Items from a data source:
________________________

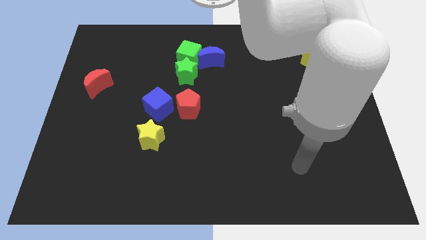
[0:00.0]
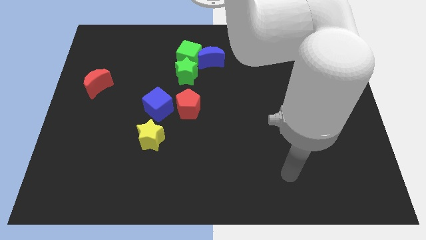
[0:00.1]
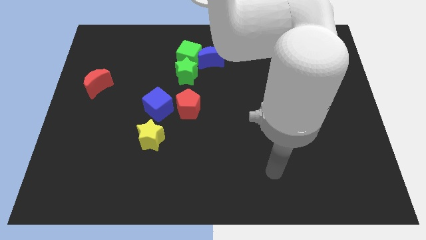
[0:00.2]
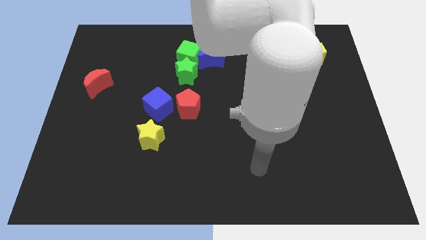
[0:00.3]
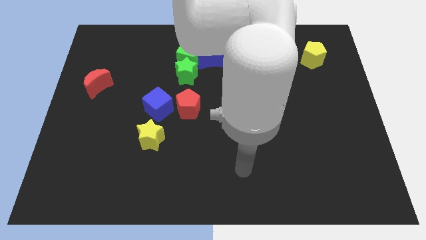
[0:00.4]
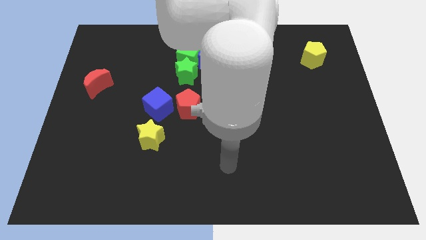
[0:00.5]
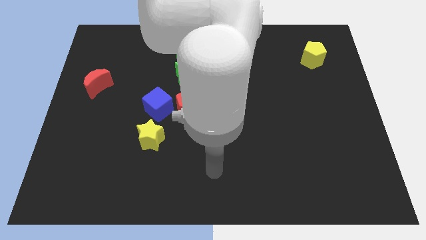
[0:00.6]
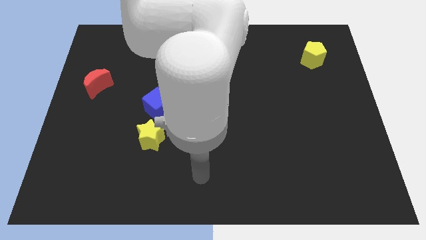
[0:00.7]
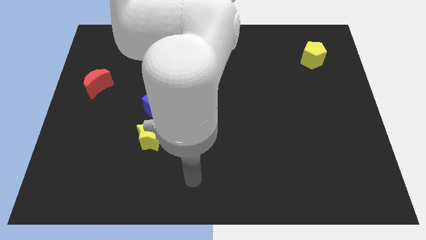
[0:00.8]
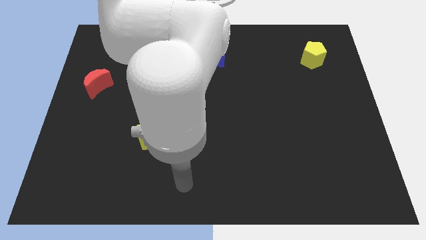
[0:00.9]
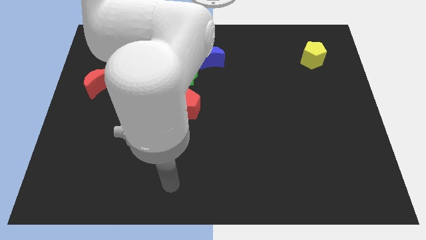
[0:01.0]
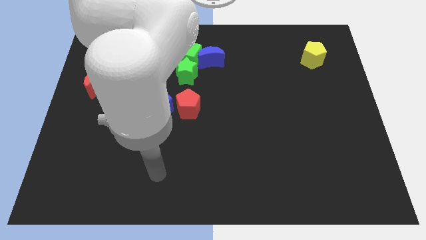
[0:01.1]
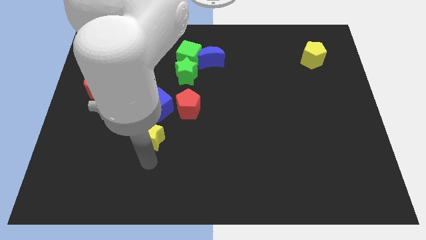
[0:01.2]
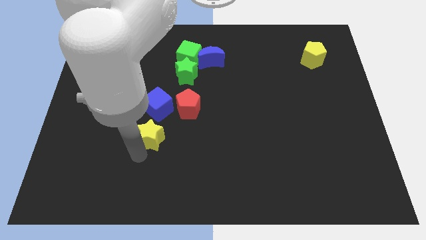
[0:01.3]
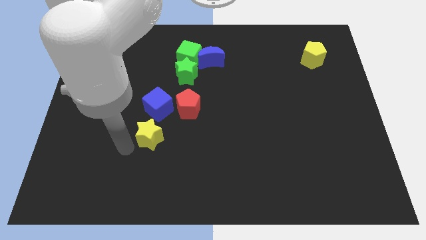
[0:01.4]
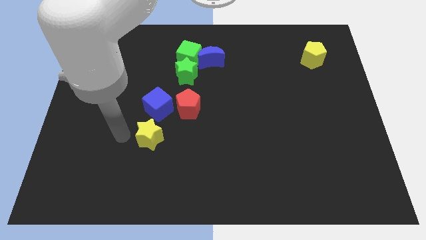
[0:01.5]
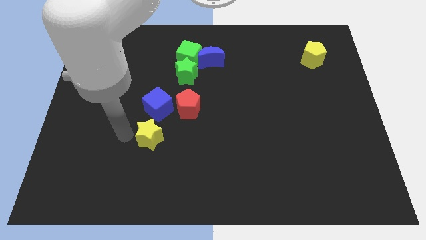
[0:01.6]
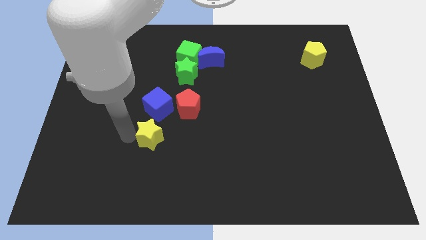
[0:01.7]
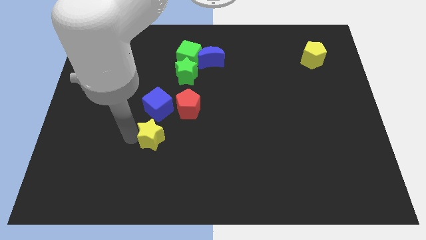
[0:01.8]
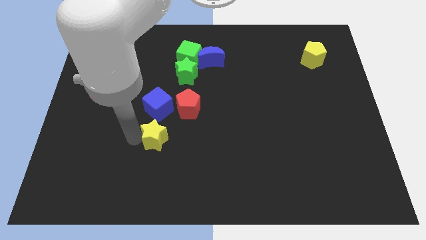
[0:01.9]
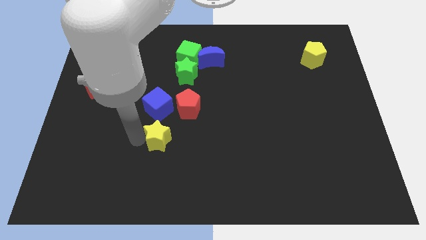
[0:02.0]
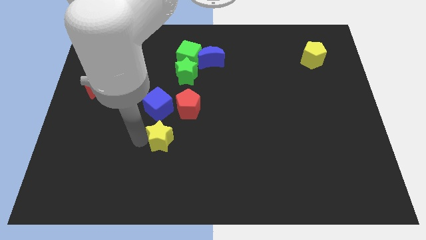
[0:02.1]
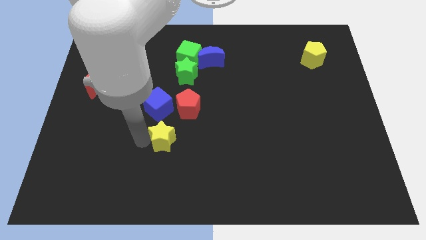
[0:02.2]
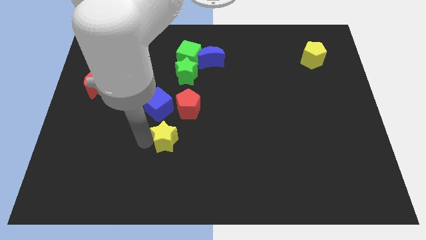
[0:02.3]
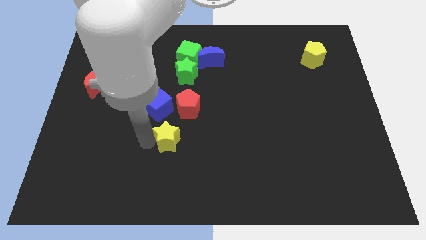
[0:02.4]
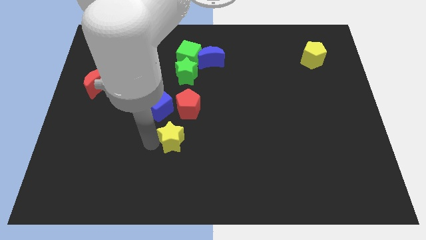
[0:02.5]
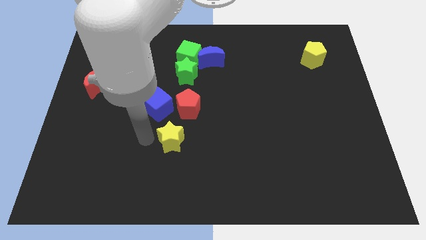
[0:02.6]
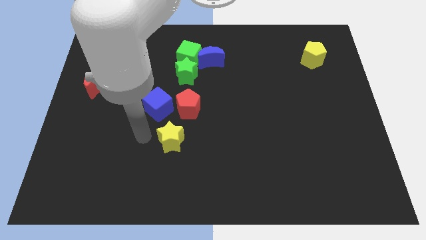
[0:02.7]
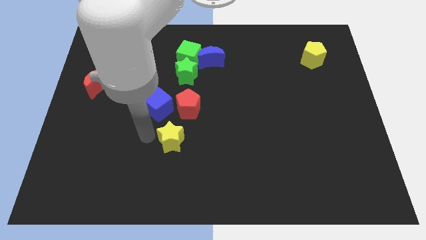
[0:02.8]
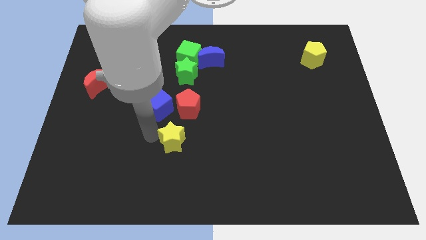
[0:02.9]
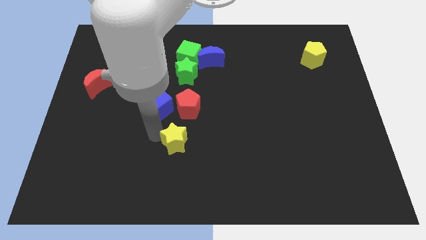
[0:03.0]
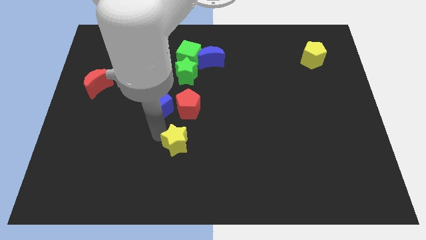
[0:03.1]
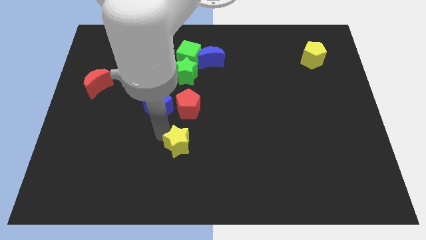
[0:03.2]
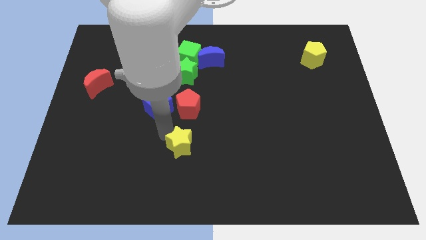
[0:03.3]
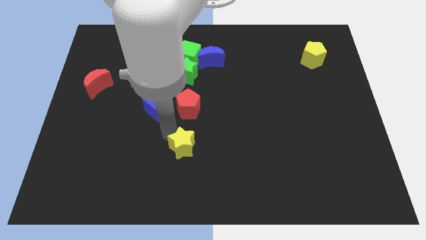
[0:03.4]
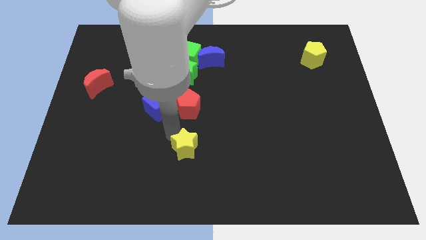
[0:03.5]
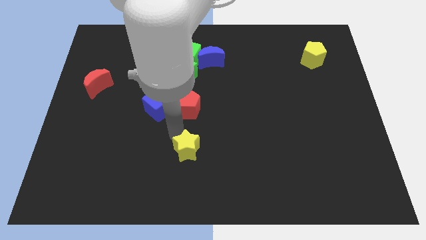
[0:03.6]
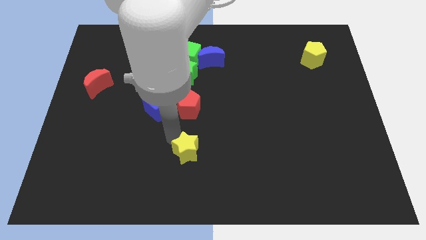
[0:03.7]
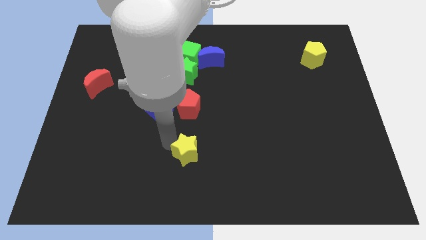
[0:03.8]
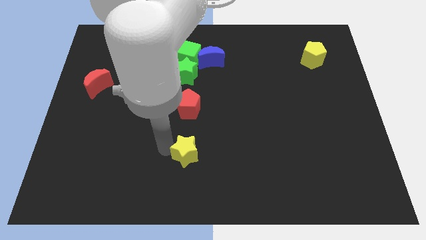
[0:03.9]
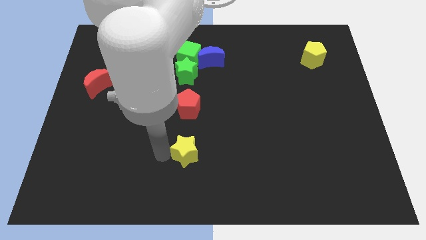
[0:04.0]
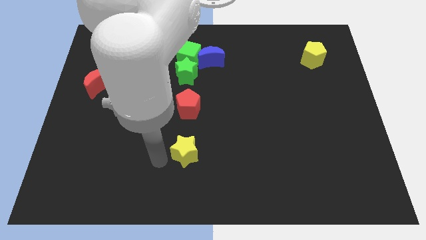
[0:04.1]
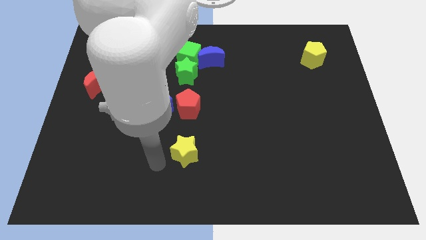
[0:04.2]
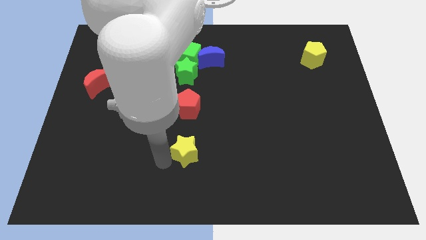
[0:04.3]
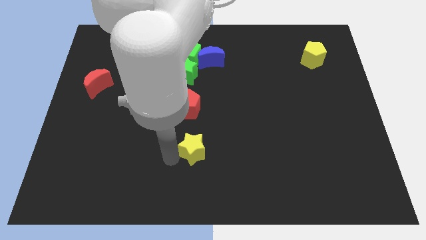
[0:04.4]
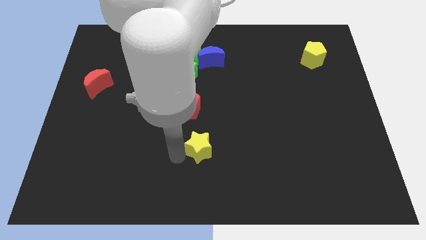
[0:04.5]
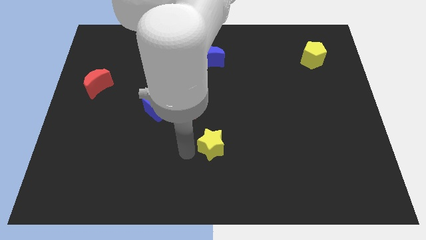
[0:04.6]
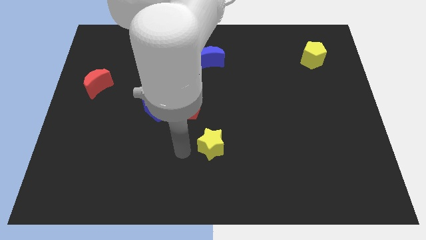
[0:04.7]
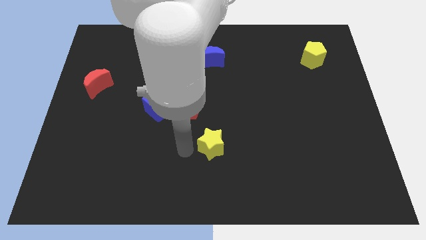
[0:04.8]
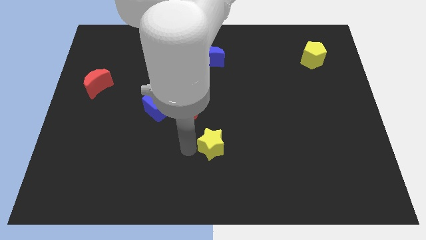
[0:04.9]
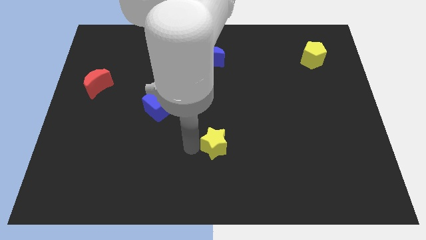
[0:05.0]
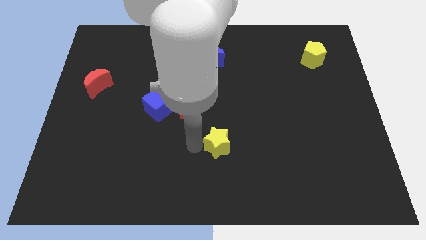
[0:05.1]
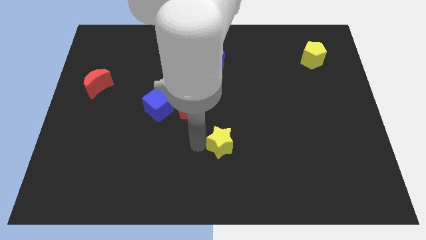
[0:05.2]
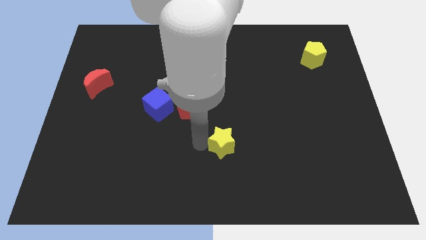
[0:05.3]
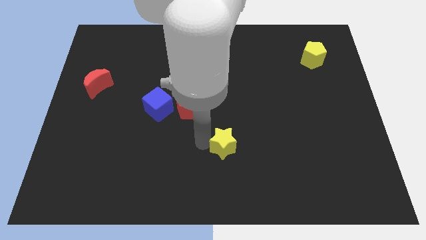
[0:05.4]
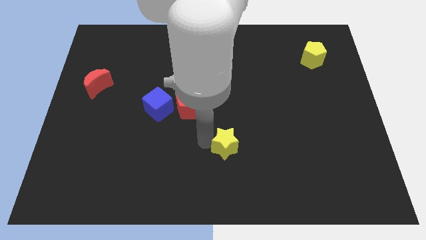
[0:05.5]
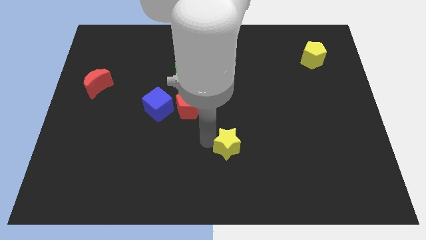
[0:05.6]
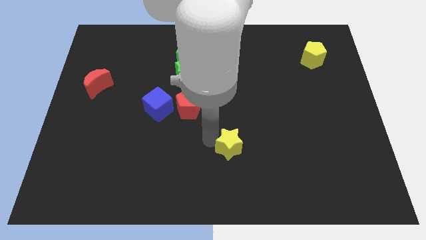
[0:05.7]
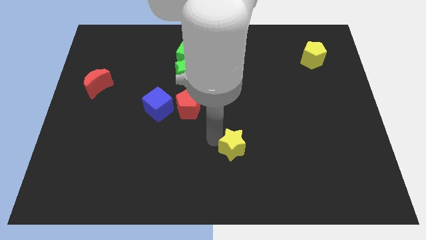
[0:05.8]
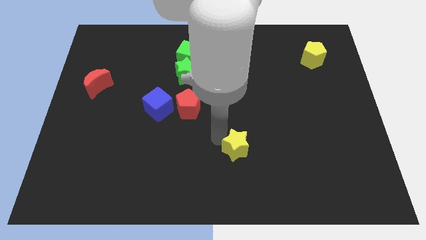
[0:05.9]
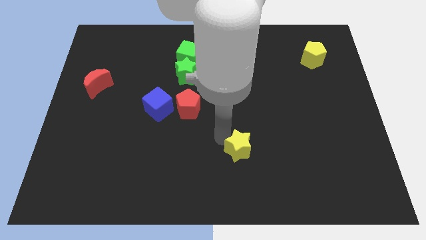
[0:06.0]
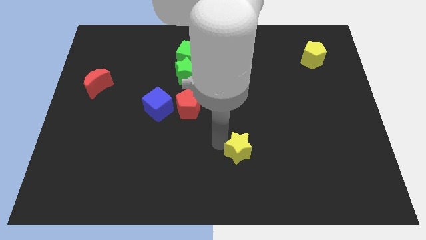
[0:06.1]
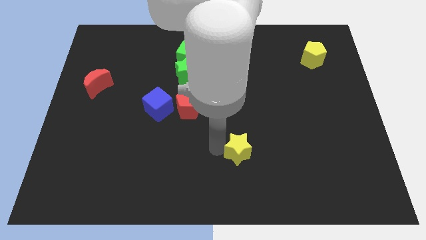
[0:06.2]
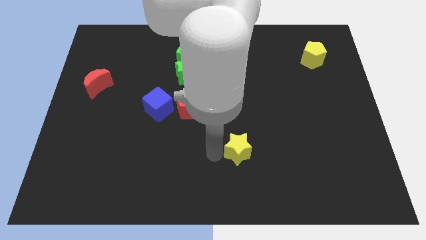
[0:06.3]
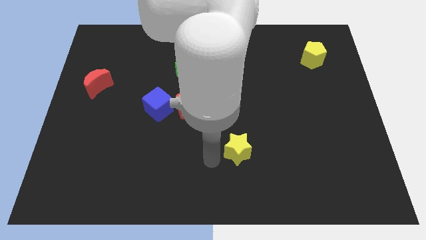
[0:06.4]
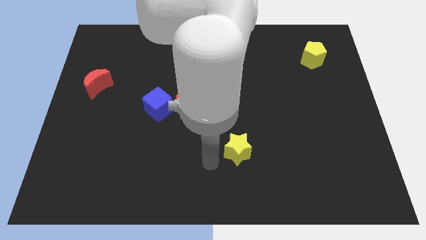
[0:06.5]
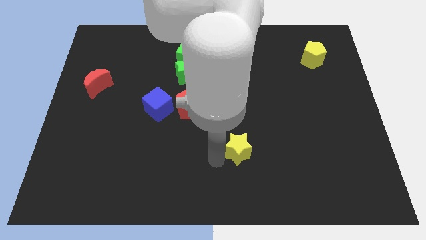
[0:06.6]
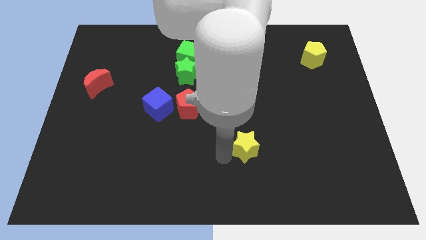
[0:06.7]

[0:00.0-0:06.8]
move the yellow star to the right

________________________

◆ **ASSIGNMENT**: The entries are to be transcribed word for word, without their images.

◆ **YOUR RESPONSE**:
[0:00.0]
[0:00.1]
[0:00.2]
[0:00.3]
[0:00.4]
[0:00.5]
[0:00.6]
[0:00.7]
[0:00.8]
[0:00.9]
[0:01.0]
[0:01.1]
[0:01.2]
[0:01.3]
[0:01.4]
[0:01.5]
[0:01.6]
[0:01.7]
[0:01.8]
[0:01.9]
[0:02.0]
[0:02.1]
[0:02.2]
[0:02.3]
[0:02.4]
[0:02.5]
[0:02.6]
[0:02.7]
[0:02.8]
[0:02.9]
[0:03.0]
[0:03.1]
[0:03.2]
[0:03.3]
[0:03.4]
[0:03.5]
[0:03.6]
[0:03.7]
[0:03.8]
[0:03.9]
[0:04.0]
[0:04.1]
[0:04.2]
[0:04.3]
[0:04.4]
[0:04.5]
[0:04.6]
[0:04.7]
[0:04.8]
[0:04.9]
[0:05.0]
[0:05.1]
[0:05.2]
[0:05.3]
[0:05.4]
[0:05.5]
[0:05.6]
[0:05.7]
[0:05.8]
[0:05.9]
[0:06.0]
[0:06.1]
[0:06.2]
[0:06.3]
[0:06.4]
[0:06.5]
[0:06.6]
[0:06.7]

[0:00.0-0:06.8]
move the yellow star to the right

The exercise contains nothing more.